Sunday, October 20, 2019

The rise of AI in aquaculture

by Samuel Couture-Brochu, Chief Technology Officer, XpertSea

A few years ago, it was cloud, followed by the Internet of things; then blockchain took the centre stage; it seems like there’s always a new buzzword coming from the tech industry. This year, artificial intelligence and machine learning are everywhere, and aquaculture was not spared. The industry is taken by storm, but is it really worth the hype?

 

For clarification purposes, machine learning is an application of artificial intelligence (AI) that provides systems with the ability to automatically learn and improve from experience without being explicitly programmed. Let’s take a real-life example to demonstrate its application: say you have a young child, and you want to teach him colours.

First, you might want to teach him to recognise a blue car from a red one. Once he has achieved that, you could show him other objects that are blue or red. By increasing the number of examples of coloured objects, his brain will make sense of the colour concept, and soon learn that colours are valid for a panoply of objects. Machine learning is very similar, but with computers.

In other industries like human health, AI is improving disease diagnostics and doing so with greater accuracy than ever before.

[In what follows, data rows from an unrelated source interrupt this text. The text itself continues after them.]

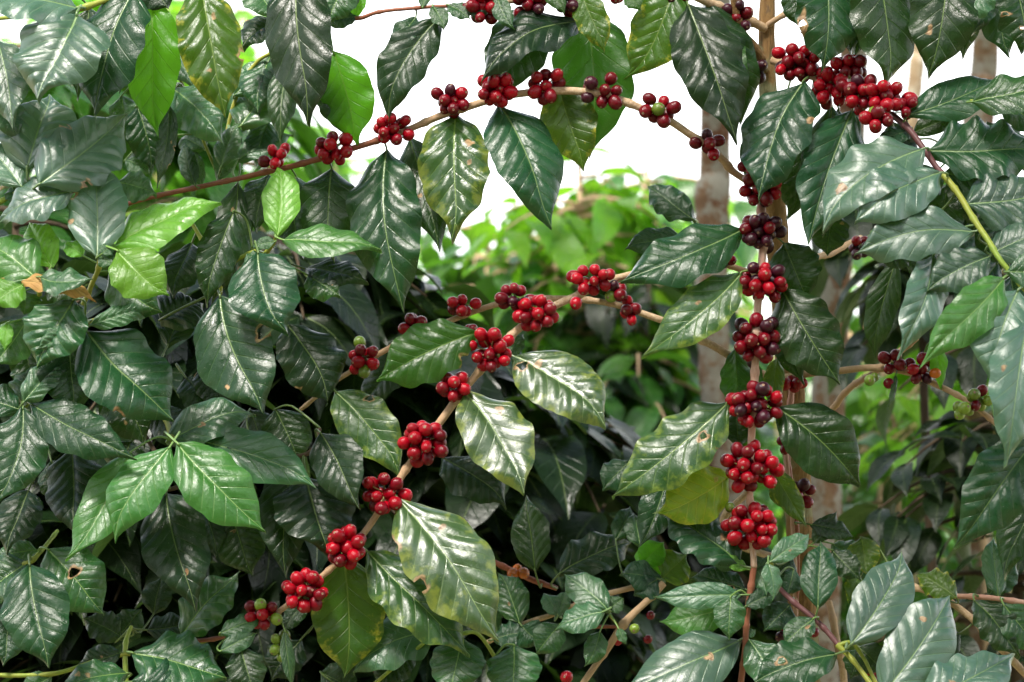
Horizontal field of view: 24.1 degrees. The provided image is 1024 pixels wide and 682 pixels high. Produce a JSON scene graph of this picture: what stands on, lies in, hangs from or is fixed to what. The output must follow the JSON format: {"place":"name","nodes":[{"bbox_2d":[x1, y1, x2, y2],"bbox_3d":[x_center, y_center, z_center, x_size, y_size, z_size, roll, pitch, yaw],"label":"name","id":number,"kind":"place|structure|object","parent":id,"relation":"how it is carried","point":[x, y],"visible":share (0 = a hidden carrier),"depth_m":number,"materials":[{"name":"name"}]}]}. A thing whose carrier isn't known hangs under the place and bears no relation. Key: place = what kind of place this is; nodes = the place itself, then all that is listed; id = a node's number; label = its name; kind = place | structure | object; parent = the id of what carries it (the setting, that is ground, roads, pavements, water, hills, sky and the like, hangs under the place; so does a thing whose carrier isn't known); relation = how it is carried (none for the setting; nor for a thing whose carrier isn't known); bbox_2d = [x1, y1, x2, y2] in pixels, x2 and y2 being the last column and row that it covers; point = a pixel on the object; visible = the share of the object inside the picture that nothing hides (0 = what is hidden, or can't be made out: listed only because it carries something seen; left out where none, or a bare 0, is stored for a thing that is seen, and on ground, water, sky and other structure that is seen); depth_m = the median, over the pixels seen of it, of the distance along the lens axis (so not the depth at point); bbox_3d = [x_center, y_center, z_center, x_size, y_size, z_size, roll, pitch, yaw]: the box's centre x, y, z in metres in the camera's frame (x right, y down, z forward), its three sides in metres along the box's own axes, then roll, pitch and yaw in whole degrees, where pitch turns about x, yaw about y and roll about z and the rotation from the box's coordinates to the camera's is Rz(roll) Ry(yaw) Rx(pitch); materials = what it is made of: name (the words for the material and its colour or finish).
{"place":"outdoors","nodes":[
{"label":"outdoors","id":0,"kind":"place"},
{"bbox_2d":[0,0,1023,418],"label":"sky","id":1,"kind":"structure","parent":0,"point":[459,61],"materials":[{"name":"white"}]},
{"bbox_3d":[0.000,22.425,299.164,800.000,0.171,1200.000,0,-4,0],"label":"ground","id":2,"kind":"structure","parent":0,"visible":0},
{"bbox_2d":[0,205,174,681],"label":"coffee shrub","id":3,"kind":"object","parent":2,"relation":"on","point":[72,646],"visible":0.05,"depth_m":3.51,"materials":[{"name":"green plant"}]},
{"bbox_2d":[0,44,269,273],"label":"coffee shrub","id":4,"kind":"object","parent":2,"relation":"on","point":[66,96],"visible":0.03,"depth_m":4.08,"materials":[{"name":"green plant"}]},
{"bbox_2d":[0,0,274,251],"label":"coffee shrub","id":5,"kind":"object","parent":2,"relation":"on","point":[178,179],"visible":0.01,"depth_m":7.43,"materials":[{"name":"green plant"}]},
{"bbox_2d":[0,243,373,681],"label":"coffee shrub","id":6,"kind":"object","parent":2,"relation":"on","point":[122,558],"visible":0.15,"depth_m":3.43,"materials":[{"name":"green plant"}]},
{"bbox_2d":[111,94,333,250],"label":"coffee shrub","id":7,"kind":"object","parent":2,"relation":"on","point":[305,137],"visible":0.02,"depth_m":4.36,"materials":[{"name":"green plant"}]},
{"bbox_2d":[183,121,434,270],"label":"coffee shrub","id":8,"kind":"object","parent":2,"relation":"on","point":[346,169],"visible":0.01,"depth_m":7.70,"materials":[{"name":"green plant"}]},
{"bbox_2d":[128,231,494,681],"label":"coffee shrub","id":9,"kind":"object","parent":2,"relation":"on","point":[357,308],"visible":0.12,"depth_m":3.62,"materials":[{"name":"green plant"}]},
{"bbox_2d":[398,333,529,406],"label":"coffee shrub","id":10,"kind":"object","parent":2,"relation":"on","point":[526,403],"depth_m":4.76,"materials":[{"name":"green plant"}]},
{"bbox_2d":[296,305,645,681],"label":"coffee shrub","id":11,"kind":"object","parent":2,"relation":"on","point":[559,464],"visible":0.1,"depth_m":3.73,"materials":[{"name":"green plant"}]},
{"bbox_2d":[417,220,584,351],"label":"coffee shrub","id":12,"kind":"object","parent":2,"relation":"on","point":[444,269],"visible":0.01,"depth_m":6.04,"materials":[{"name":"green plant"}]},
{"bbox_2d":[442,232,600,317],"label":"coffee shrub","id":13,"kind":"object","parent":2,"relation":"on","point":[503,241],"depth_m":7.44,"materials":[{"name":"green plant"}]},
{"bbox_2d":[461,147,700,407],"bbox_3d":[0.141,0.698,5.561,0.720,2.268,0.770,0,-4,0],"label":"coffee shrub","id":14,"kind":"object","parent":2,"relation":"on","point":[577,236],"visible":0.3,"depth_m":5.54,"materials":[{"name":"green plant"}]},
{"bbox_2d":[470,256,694,364],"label":"coffee shrub","id":15,"kind":"object","parent":2,"relation":"on","point":[489,286],"visible":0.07,"depth_m":5.59,"materials":[{"name":"green plant"}]},
{"bbox_2d":[472,407,728,681],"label":"coffee shrub","id":16,"kind":"object","parent":2,"relation":"on","point":[618,439],"visible":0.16,"depth_m":3.89,"materials":[{"name":"green plant"}]},
{"bbox_2d":[444,174,805,401],"bbox_3d":[0.378,0.761,8.573,1.853,2.701,1.851,0,-4,0],"label":"coffee shrub","id":17,"kind":"object","parent":2,"relation":"on","point":[731,205],"visible":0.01,"depth_m":8.52,"materials":[{"name":"green plant"}]},
{"bbox_2d":[506,276,766,610],"bbox_3d":[0.326,0.835,5.462,0.648,1.978,0.650,-2,-4,22],"label":"coffee shrub","id":18,"kind":"object","parent":2,"relation":"on","point":[600,319],"visible":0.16,"depth_m":5.37,"materials":[{"name":"green plant"}]},
{"bbox_2d":[597,350,761,674],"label":"coffee shrub","id":19,"kind":"object","parent":2,"relation":"on","point":[642,418],"visible":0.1,"depth_m":5.25,"materials":[{"name":"green plant"}]},
{"bbox_2d":[562,169,810,529],"bbox_3d":[0.324,0.711,5.860,0.800,2.276,0.774,0,-4,0],"label":"coffee shrub","id":20,"kind":"object","parent":2,"relation":"on","point":[745,254],"visible":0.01,"depth_m":5.86,"materials":[{"name":"green plant"}]},
{"bbox_2d":[596,504,787,681],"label":"coffee shrub","id":21,"kind":"object","parent":2,"relation":"on","point":[631,601],"visible":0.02,"depth_m":4.69,"materials":[{"name":"green plant"}]},
{"bbox_2d":[694,0,748,681],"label":"shade tree","id":22,"kind":"object","parent":2,"relation":"on","point":[712,194],"visible":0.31,"depth_m":4.87,"materials":[{"name":"brown plant"}]},
{"bbox_2d":[736,304,785,549],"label":"coffee shrub","id":23,"kind":"object","parent":2,"relation":"on","point":[744,312],"depth_m":7.77,"materials":[{"name":"green plant"}]},
{"bbox_2d":[728,250,870,529],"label":"coffee shrub","id":24,"kind":"object","parent":2,"relation":"on","point":[745,303],"visible":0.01,"depth_m":8.32,"materials":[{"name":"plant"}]},
{"bbox_2d":[736,587,864,681],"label":"coffee shrub","id":25,"kind":"object","parent":2,"relation":"on","point":[843,600],"visible":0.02,"depth_m":4.96,"materials":[{"name":"green plant"}]},
{"bbox_2d":[719,0,918,681],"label":"coffee tree","id":26,"kind":"object","parent":2,"relation":"on","point":[764,46],"visible":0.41,"depth_m":3.10,"materials":[{"name":"brown plant"}]},
{"bbox_2d":[197,255,754,681],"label":"coffee branch","id":27,"kind":"object","parent":26,"relation":"attached to","point":[434,581],"visible":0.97,"depth_m":2.95,"materials":[{"name":"green plant"}]},
{"bbox_2d":[0,571,240,681],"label":"coffee branch","id":28,"kind":"object","parent":27,"relation":"attached to","point":[176,651],"visible":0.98,"depth_m":2.96,"materials":[{"name":"green plant"}]},
{"bbox_2d":[0,529,106,667],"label":"coffee branch","id":29,"kind":"object","parent":28,"relation":"attached to","point":[45,598],"visible":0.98,"depth_m":2.90,"materials":[{"name":"green plant"}]},
{"bbox_2d":[0,400,363,611],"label":"coffee branch","id":30,"kind":"object","parent":27,"relation":"attached to","point":[182,540],"visible":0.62,"depth_m":2.96,"materials":[{"name":"green plant"}]},
{"bbox_2d":[65,397,316,561],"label":"coffee branch","id":31,"kind":"object","parent":30,"relation":"attached to","point":[217,465],"visible":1,"depth_m":2.89,"materials":[{"name":"green plant"}]},
{"bbox_2d":[0,298,173,500],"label":"coffee branch","id":32,"kind":"object","parent":31,"relation":"attached to","point":[64,358],"visible":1,"depth_m":2.91,"materials":[{"name":"green plant"}]},
{"bbox_2d":[0,172,221,316],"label":"coffee branch","id":33,"kind":"object","parent":32,"relation":"on","point":[99,226],"visible":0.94,"depth_m":2.94,"materials":[{"name":"green plant"}]},
{"bbox_2d":[2,273,95,301],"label":"dead leaf","id":34,"kind":"object","parent":33,"relation":"on","point":[33,282],"visible":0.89,"depth_m":2.91,"materials":[{"name":"orange plant"}]},
{"bbox_2d":[0,94,127,229],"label":"coffee branch","id":35,"kind":"object","parent":33,"relation":"on","point":[63,151],"visible":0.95,"depth_m":2.96,"materials":[{"name":"green plant"}]},
{"bbox_2d":[264,617,541,681],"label":"coffee branch","id":36,"kind":"object","parent":27,"relation":"attached to","point":[396,653],"visible":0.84,"depth_m":2.97,"materials":[{"name":"green plant"}]},
{"bbox_2d":[276,294,765,509],"bbox_3d":[0.023,0.080,3.060,0.638,0.273,0.139,0,-4,5],"label":"coffee branch","id":37,"kind":"object","parent":26,"relation":"attached to","point":[311,362],"visible":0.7,"depth_m":3.03,"materials":[{"name":"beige plant"}]},
{"bbox_2d":[331,0,767,158],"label":"coffee branch","id":38,"kind":"object","parent":26,"relation":"attached to","point":[708,49],"visible":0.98,"depth_m":2.99,"materials":[{"name":"green plant"}]},
{"bbox_2d":[624,184,698,253],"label":"coffee branch","id":39,"kind":"object","parent":26,"relation":"attached to","point":[670,203],"visible":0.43,"depth_m":3.15,"materials":[{"name":"green plant"}]},
{"bbox_2d":[612,161,860,681],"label":"coffee branch","id":40,"kind":"object","parent":26,"relation":"attached to","point":[797,334],"visible":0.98,"depth_m":2.97,"materials":[{"name":"green plant"}]},
{"bbox_2d":[486,459,690,681],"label":"coffee branch","id":41,"kind":"object","parent":40,"relation":"attached to","point":[586,559],"visible":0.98,"depth_m":3.05,"materials":[{"name":"green plant"}]},
{"bbox_2d":[755,511,876,681],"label":"coffee branch","id":42,"kind":"object","parent":40,"relation":"attached to","point":[802,653],"visible":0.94,"depth_m":2.95,"materials":[{"name":"green plant"}]},
{"bbox_2d":[840,552,1014,681],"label":"coffee branch","id":43,"kind":"object","parent":42,"relation":"attached to","point":[920,642],"visible":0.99,"depth_m":2.91,"materials":[{"name":"green plant"}]},
{"bbox_2d":[847,536,1023,676],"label":"coffee branch","id":44,"kind":"object","parent":43,"relation":"attached to","point":[999,627],"visible":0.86,"depth_m":2.99,"materials":[{"name":"green plant"}]},
{"bbox_2d":[775,437,854,641],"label":"coffee branch","id":45,"kind":"object","parent":26,"relation":"attached to","point":[838,531],"visible":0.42,"depth_m":3.03,"materials":[{"name":"green plant"}]},
{"bbox_2d":[740,43,1023,467],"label":"coffee branch","id":46,"kind":"object","parent":26,"relation":"attached to","point":[830,170],"visible":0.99,"depth_m":2.88,"materials":[{"name":"green plant"}]},
{"bbox_2d":[128,68,752,314],"bbox_3d":[-0.115,-0.182,3.025,0.876,0.310,0.175,0,-4,4],"label":"coffee branch","id":47,"kind":"object","parent":46,"relation":"attached to","point":[390,205],"visible":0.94,"depth_m":2.98,"materials":[{"name":"green plant"}]},
{"bbox_2d":[109,52,277,203],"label":"coffee branch","id":48,"kind":"object","parent":47,"relation":"attached to","point":[195,114],"visible":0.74,"depth_m":3.04,"materials":[{"name":"green plant"}]},
{"bbox_2d":[79,0,374,145],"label":"coffee branch","id":49,"kind":"object","parent":47,"relation":"attached to","point":[152,41],"visible":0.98,"depth_m":2.93,"materials":[{"name":"green plant"}]},
{"bbox_2d":[0,0,110,130],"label":"coffee branch","id":50,"kind":"object","parent":49,"relation":"attached to","point":[64,42],"visible":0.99,"depth_m":2.88,"materials":[{"name":"green plant"}]},
{"bbox_2d":[156,210,368,412],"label":"coffee branch","id":51,"kind":"object","parent":47,"relation":"attached to","point":[235,357],"visible":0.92,"depth_m":2.93,"materials":[{"name":"green plant"}]},
{"bbox_2d":[244,167,381,262],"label":"coffee branch","id":52,"kind":"object","parent":47,"relation":"attached to","point":[280,195],"visible":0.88,"depth_m":2.96,"materials":[{"name":"green plant"}]},
{"bbox_2d":[781,0,1023,80],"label":"coffee branch","id":53,"kind":"object","parent":46,"relation":"on","point":[886,35],"visible":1,"depth_m":2.94,"materials":[{"name":"green plant"}]},
{"bbox_2d":[966,74,1023,131],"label":"coffee branch","id":54,"kind":"object","parent":46,"relation":"on","point":[1003,94],"visible":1,"depth_m":2.88,"materials":[{"name":"green plant"}]},
{"bbox_2d":[783,236,994,425],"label":"coffee branch","id":55,"kind":"object","parent":26,"relation":"attached to","point":[971,403],"visible":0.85,"depth_m":3.01,"materials":[{"name":"beige plant"}]},
{"bbox_2d":[953,439,1023,579],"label":"coffee branch","id":56,"kind":"object","parent":26,"relation":"attached to","point":[992,497],"visible":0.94,"depth_m":2.81,"materials":[{"name":"green plant"}]},
{"bbox_2d":[741,331,919,536],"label":"coffee shrub","id":57,"kind":"object","parent":2,"relation":"on","point":[763,493],"visible":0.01,"depth_m":6.97,"materials":[{"name":"green plant"}]},
{"bbox_2d":[811,48,867,681],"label":"shade tree","id":58,"kind":"object","parent":2,"relation":"on","point":[826,497],"visible":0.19,"depth_m":4.57,"materials":[{"name":"brown plant"}]},
{"bbox_2d":[772,411,955,622],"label":"coffee shrub","id":59,"kind":"object","parent":2,"relation":"on","point":[780,533],"visible":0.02,"depth_m":6.39,"materials":[{"name":"green plant"}]},
{"bbox_2d":[845,257,919,431],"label":"coffee shrub","id":60,"kind":"object","parent":2,"relation":"on","point":[854,325],"visible":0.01,"depth_m":6.09,"materials":[{"name":"green plant"}]},
{"bbox_2d":[840,426,958,643],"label":"coffee shrub","id":61,"kind":"object","parent":2,"relation":"on","point":[946,552],"visible":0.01,"depth_m":5.67,"materials":[{"name":"green plant"}]},
{"bbox_2d":[877,45,924,681],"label":"shade tree","id":62,"kind":"object","parent":2,"relation":"on","point":[915,74],"visible":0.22,"depth_m":5.79,"materials":[{"name":"beige plant"}]},
{"bbox_2d":[806,361,996,583],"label":"coffee shrub","id":63,"kind":"object","parent":2,"relation":"on","point":[855,425],"visible":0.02,"depth_m":6.60,"materials":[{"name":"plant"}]},
{"bbox_2d":[849,388,958,647],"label":"coffee shrub","id":64,"kind":"object","parent":2,"relation":"on","point":[909,499],"visible":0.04,"depth_m":5.52,"materials":[{"name":"green plant"}]},
{"bbox_2d":[810,184,1011,597],"bbox_3d":[0.722,0.732,4.128,0.413,2.061,0.415,0,-4,0],"label":"coffee shrub","id":65,"kind":"object","parent":2,"relation":"on","point":[857,349],"visible":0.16,"depth_m":4.15,"materials":[{"name":"green plant"}]},
{"bbox_2d":[839,327,991,646],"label":"coffee shrub","id":66,"kind":"object","parent":2,"relation":"on","point":[853,409],"visible":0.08,"depth_m":5.40,"materials":[{"name":"green plant"}]},
{"bbox_2d":[847,182,1005,649],"bbox_3d":[1.020,0.685,5.145,0.692,2.230,0.623,0,-4,0],"label":"coffee shrub","id":67,"kind":"object","parent":2,"relation":"on","point":[905,399],"visible":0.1,"depth_m":5.12,"materials":[{"name":"green plant"}]},
{"bbox_2d":[861,363,996,545],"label":"coffee shrub","id":68,"kind":"object","parent":2,"relation":"on","point":[951,542],"depth_m":7.86,"materials":[{"name":"green plant"}]},
{"bbox_2d":[835,275,1023,681],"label":"coffee shrub","id":69,"kind":"object","parent":2,"relation":"on","point":[943,457],"visible":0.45,"depth_m":3.84,"materials":[{"name":"green plant"}]},
{"bbox_2d":[946,29,998,654],"bbox_3d":[0.207,-1.183,1.698,7.646,5.686,6.791,1,-4,-16],"label":"shade tree","id":70,"kind":"object","parent":2,"relation":"on","point":[984,62],"visible":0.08,"depth_m":5.19,"materials":[{"name":"brown plant"}]},
{"bbox_2d":[946,535,1011,592],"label":"coffee shrub","id":71,"kind":"object","parent":2,"relation":"on","point":[954,554],"depth_m":7.18,"materials":[{"name":"green plant"}]}
]}

As an example, a recent study1 demonstrated that machine learning, in this case, deep learning, is more accurate at detecting lung tumours than radiologists.

This is only the beginning. By training AI models on an increasingly larger number of medical images, it is conceivable that those models would be able to detect cancer much earlier. Should radiologists be scared of such a technology? Not at all.

It will support their highly technical work and facilitate decision making. In this situation, an AI could only show the relevant cases to the expert. It could then suggest a diagnosis and let humans approve it, saving humans time while empowering radiologists.

Similarly, AI will not replace farmers in aquaculture; it will become a key asset in their day-to-day operations. Disease and feed management are two of the most important areas where AI could support farmers.

For animal health, models can be trained on thousands of images of a specific symptom, and be used to detect disease before the human eye can reliably do so, giving more options to farmers than just harvesting when it’s too late. From there, we can build on complexity, capturing treatments made to the pond, measuring the effectiveness of inputs, and adding variables such as feed usage, broodstock, and water quality.